Procd respawn, how is it useful?

ValdikSS · January 15, 2023, 4:39am

I spent about 3 hours trying to understand why my procd service, which I configured to respawn with low threshold, restarts. The service itself is running much beyond configured threshold, and what's even more confusing, does not obey configured retry times, but instead gets respawned indefinitely.

It seems that procd respawn option means exactly that — it respawns the process when it exits. Not when it terminates abnormally fast, not when its exit code is not zero, but quite the contrary: it would stop respawning on abnormal activity but will respawn forever on normal termination.

If the service exits before respawn_threshold timeout, it would be restarted in respawn_timeout seconds, not more than respawn_retry times
If the service exits after respawn_threshold timeout, it would be restarted indefinitely (respawn counter is reset) in respawn_timeout seconds, regardless of respawn_retry value.
Process exit code does not matter

This concept is very confusing to me. I though respawn option is made to respawn only failing service, like in other service managers/supervisors.
The question is: in what cases is it useful?

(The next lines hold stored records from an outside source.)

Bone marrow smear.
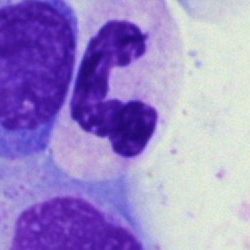 Specimen: bone marrow smear.
Cell type: segmented neutrophil.
Lineage: myeloid.
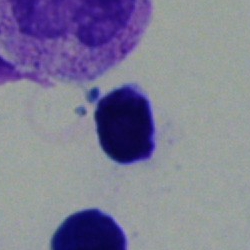
Q: What is shown here?
A: This is a typical lymphocyte.
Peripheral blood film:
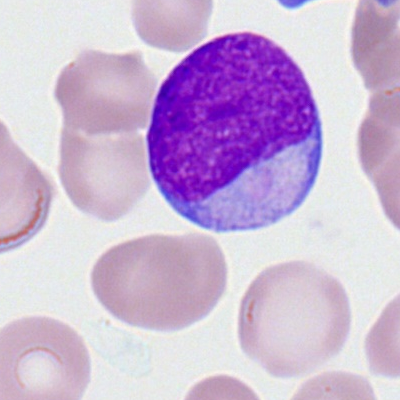 Q: What cell is this?
A: A myeloblast.
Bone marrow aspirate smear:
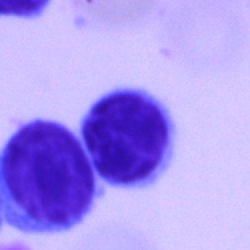 Cell type = typical lymphocyte.
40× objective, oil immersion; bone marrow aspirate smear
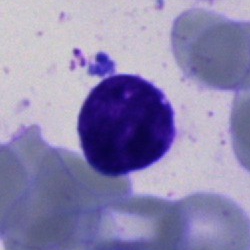 Artifact.
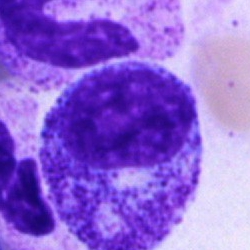

Q: Which cell type is shown here?
A: A myelocyte.
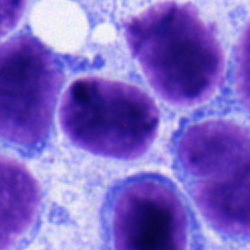 Specimen: bone marrow smear.
Cell type: typical lymphocyte.
Lineage: lymphoid.
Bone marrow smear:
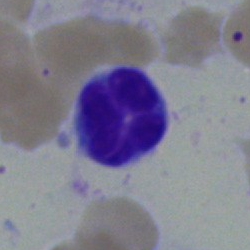Classification — typical lymphocyte.
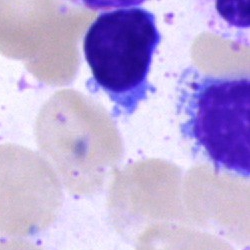 Bone marrow aspirate smear, single cell — typical lymphocyte.
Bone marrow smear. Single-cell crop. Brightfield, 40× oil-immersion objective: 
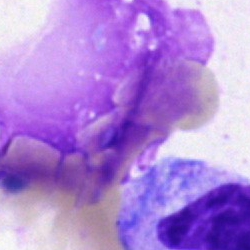

Impression — artefact.
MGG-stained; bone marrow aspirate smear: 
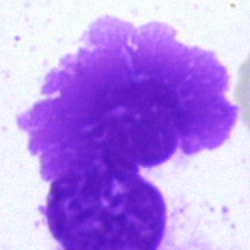

Impression — artifact.
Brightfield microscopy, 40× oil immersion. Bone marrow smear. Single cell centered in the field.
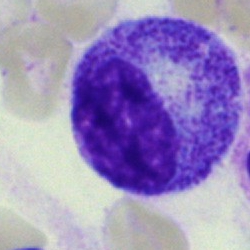A promyelocyte.
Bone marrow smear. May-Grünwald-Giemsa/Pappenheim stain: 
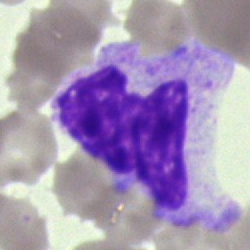Classification = artifact.

hnyman · January 15, 2023, 8:51am

I think that it is for services that should be always on, but may occasionally crash due to external factors. If they crash rarely, they get restarted. But if they constantly crash, it is considered to be futile and retstarts are abandoned.

E.g. statistics collection daemon collectd may crash at startup with certain wrong configs. Then procd abandons the starting attempt after 5 failures. But it may also crash later due to some conditions like an unexpected error from a device/sensor driver. If that happens just once or rarely, the service is restarted.

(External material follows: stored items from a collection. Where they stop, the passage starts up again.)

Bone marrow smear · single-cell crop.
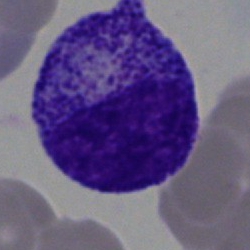 Q: What cell is this?
A: Progranulocyte.
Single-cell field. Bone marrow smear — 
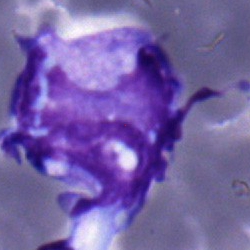Q: What is the morphological classification of this cell?
A: A monocyte.
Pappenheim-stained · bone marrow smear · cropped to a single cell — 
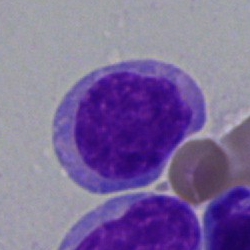 Morphology consistent with a blast cell.
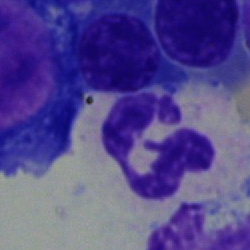

Q: What is shown here?
A: This is a polymorphonuclear neutrophil.
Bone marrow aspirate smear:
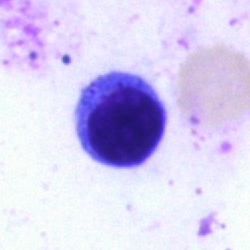

Morphological class = typical lymphocyte.
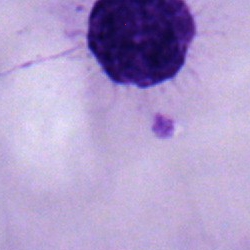Bone marrow aspirate smear, single cell — lymphocyte.
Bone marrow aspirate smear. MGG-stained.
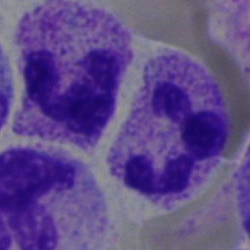

Classification — neutrophil (segmented).
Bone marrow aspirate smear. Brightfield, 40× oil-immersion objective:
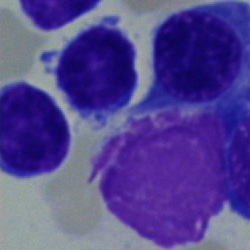
Single cell identified as a lymphocyte.
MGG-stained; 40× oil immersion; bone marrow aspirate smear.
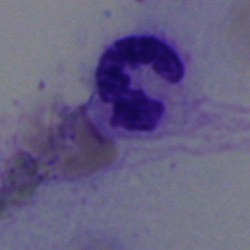 Showing a polymorphonuclear neutrophil.
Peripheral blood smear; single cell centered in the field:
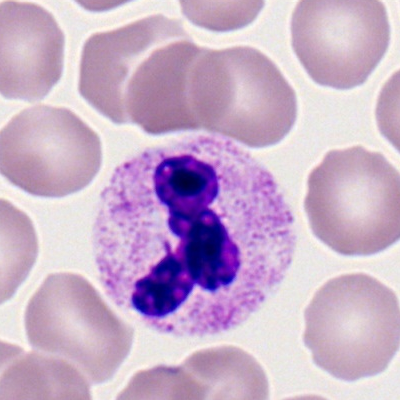
The morphological class is neutrophil (segmented).
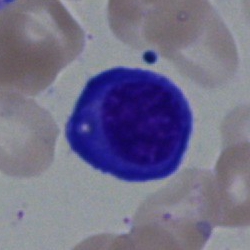The cell type is plasmacyte.
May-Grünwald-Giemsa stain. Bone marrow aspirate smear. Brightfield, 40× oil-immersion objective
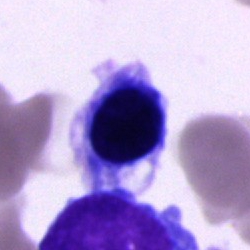

Cell of indeterminate lineage.
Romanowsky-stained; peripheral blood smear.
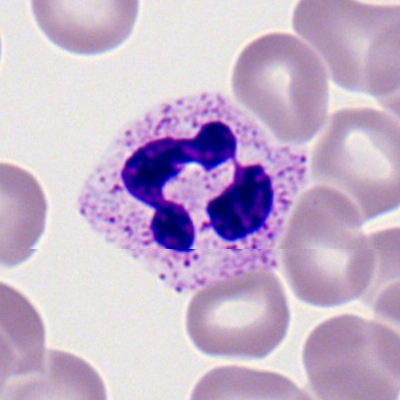 Morphology consistent with a polymorphonuclear neutrophil.
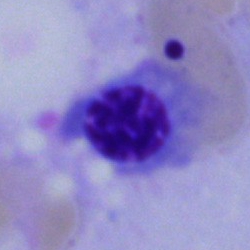 Q: What cell is this?
A: It is a normoblast.
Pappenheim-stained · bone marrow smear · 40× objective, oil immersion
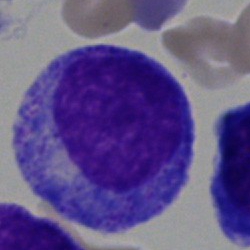
Q: What is shown here?
A: Promyelocyte.
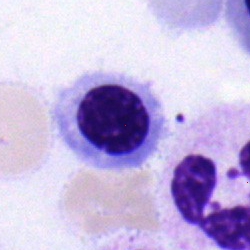

Q: Which cell type is shown here?
A: An erythroblast.
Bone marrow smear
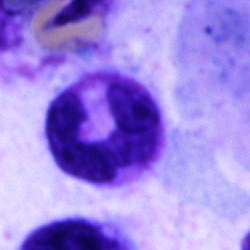 This is a segmented neutrophil.
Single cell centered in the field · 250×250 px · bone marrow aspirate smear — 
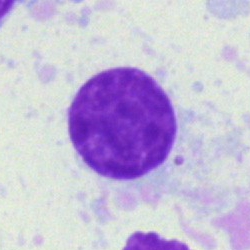A lymphocyte.
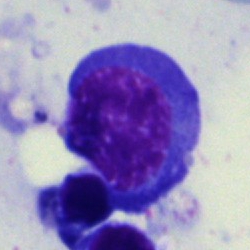Classification — nucleated red cell.

Similarly, usb drivers reacting to some devices may cause trouble for various processes. Or bad sectors at disk, or ...
Not all of the hundreds of apps are perfect for handling all failure situations, so procd offers a casual way of trying to keep services up.

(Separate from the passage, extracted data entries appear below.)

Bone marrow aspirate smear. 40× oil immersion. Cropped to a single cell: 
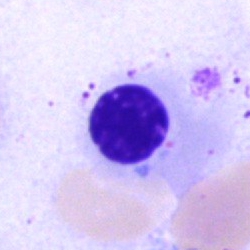

Showing a nucleated red cell.
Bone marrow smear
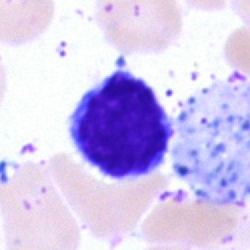Morphological class = lymphocyte.
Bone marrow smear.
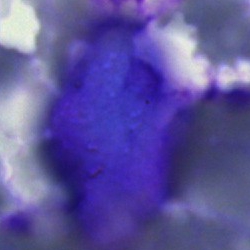
The cell is artifact.
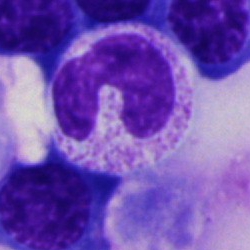
Q: What is the morphological classification of this cell?
A: Neutrophil (band).
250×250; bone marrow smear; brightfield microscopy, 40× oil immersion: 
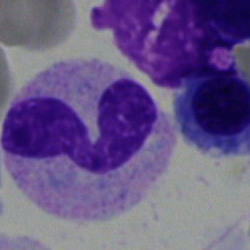

The cell type is segmented neutrophil.
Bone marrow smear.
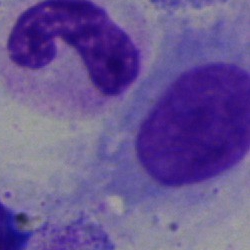
The cell shown is a band neutrophil.
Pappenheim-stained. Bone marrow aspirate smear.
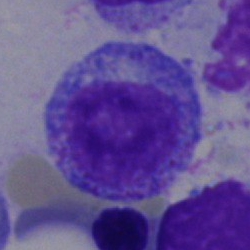 Single cell identified as a progranulocyte.
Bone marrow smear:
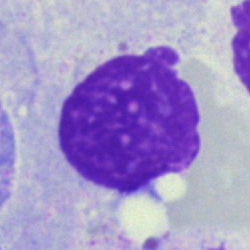Morphology consistent with an artefact.
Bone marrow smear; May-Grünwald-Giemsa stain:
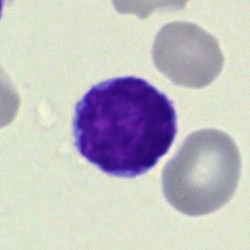
Q: What is the morphological classification of this cell?
A: Lymphocyte.
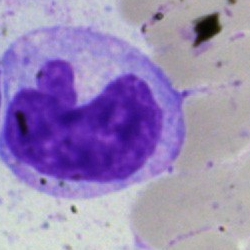

Classification — monocyte.
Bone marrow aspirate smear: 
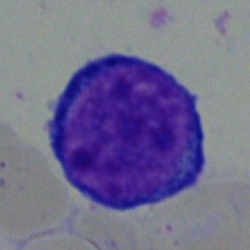Showing a pronormoblast.
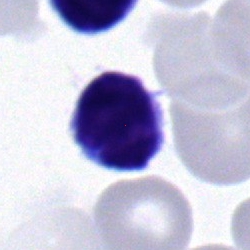

Cell = lymphocyte.
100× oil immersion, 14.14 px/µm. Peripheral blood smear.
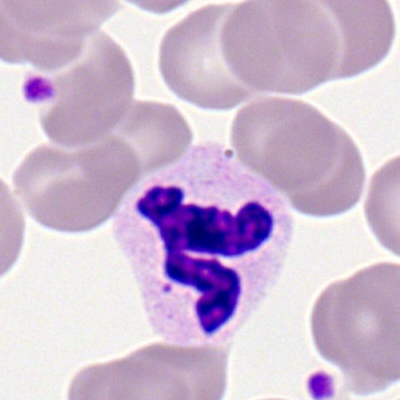

The cell type is neutrophil (segmented).
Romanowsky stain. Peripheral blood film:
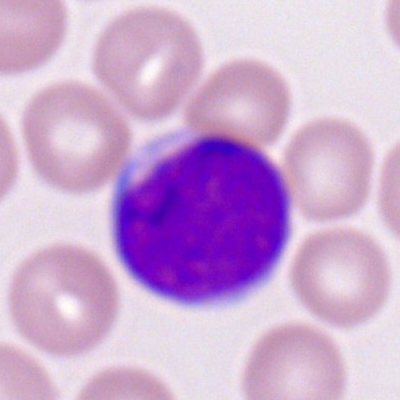
Specimen: peripheral blood film.
Cell type: myeloid blast.
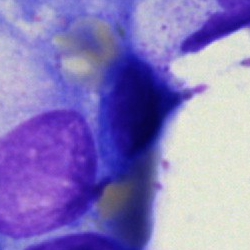
An artifact on a bone marrow smear.
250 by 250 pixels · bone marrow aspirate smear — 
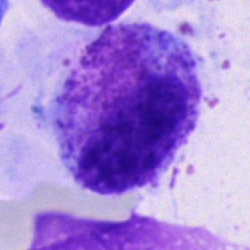
Classification — other cell.
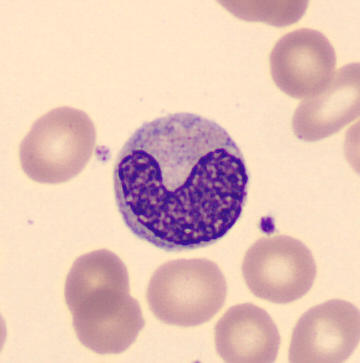Cell type — metamyelocyte.
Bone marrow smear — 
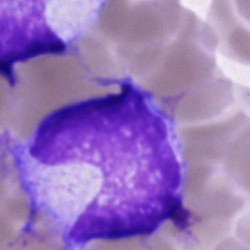An artefact.
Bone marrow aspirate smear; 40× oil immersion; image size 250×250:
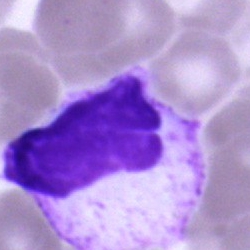Polymorphonuclear neutrophil.
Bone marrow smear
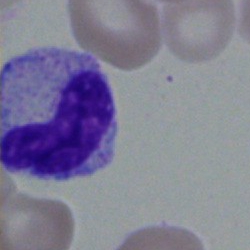 Cell type = band neutrophil.
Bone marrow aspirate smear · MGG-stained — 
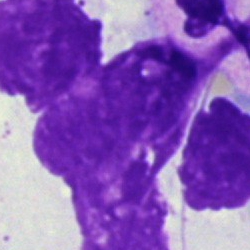Cell type = artifact.
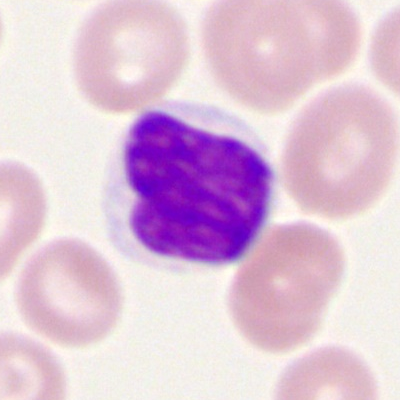 The morphological class is lymphocyte.
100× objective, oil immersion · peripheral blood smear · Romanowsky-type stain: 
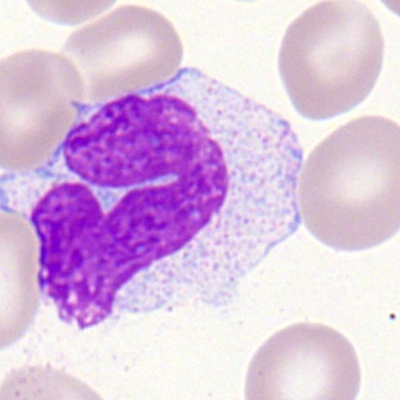
A monocyte.
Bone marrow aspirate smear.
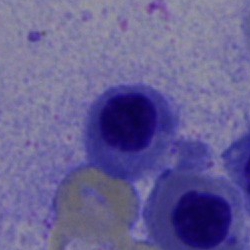
The classification is nucleated red blood cell.
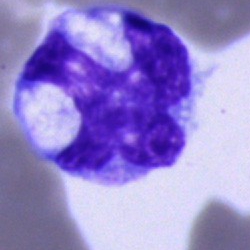 Q: Which cell type is shown here?
A: It is a monocyte.
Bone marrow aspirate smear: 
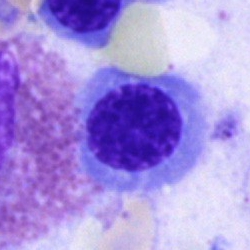
{"cell_type": "nucleated red blood cell", "lineage": "erythroid"}

ValdikSS · January 15, 2023, 9:02am

You're essentially describing restarts on failure. However, procd does not differentiate between crashes (exiting with non-zero exit code) and successful service termination, it literally just restarts the service based only on the fact that it has terminated and at which amount of seconds.

For example, I wanted to write a script which work with network data. I want it to be robust, especially upon boot, where the script may start before the network is fully configured. This is not a long-running script and not a daemon. My script terminates with non-zero exit code upon failure and with 0 on success.
Despite my expectations, procd's respawn it not suitable for this case. It would just restart my script when it did all its job successfully.

hnyman · January 15, 2023, 9:45am

Respawn is for daemons.

Sounds like you are not really looking for restarting the service, but waiting with the start until the network is up.
There are a few services like that. Search the forum e.g. for "ubus wait"
E.g.

Or your script might first sleep for a few seconds.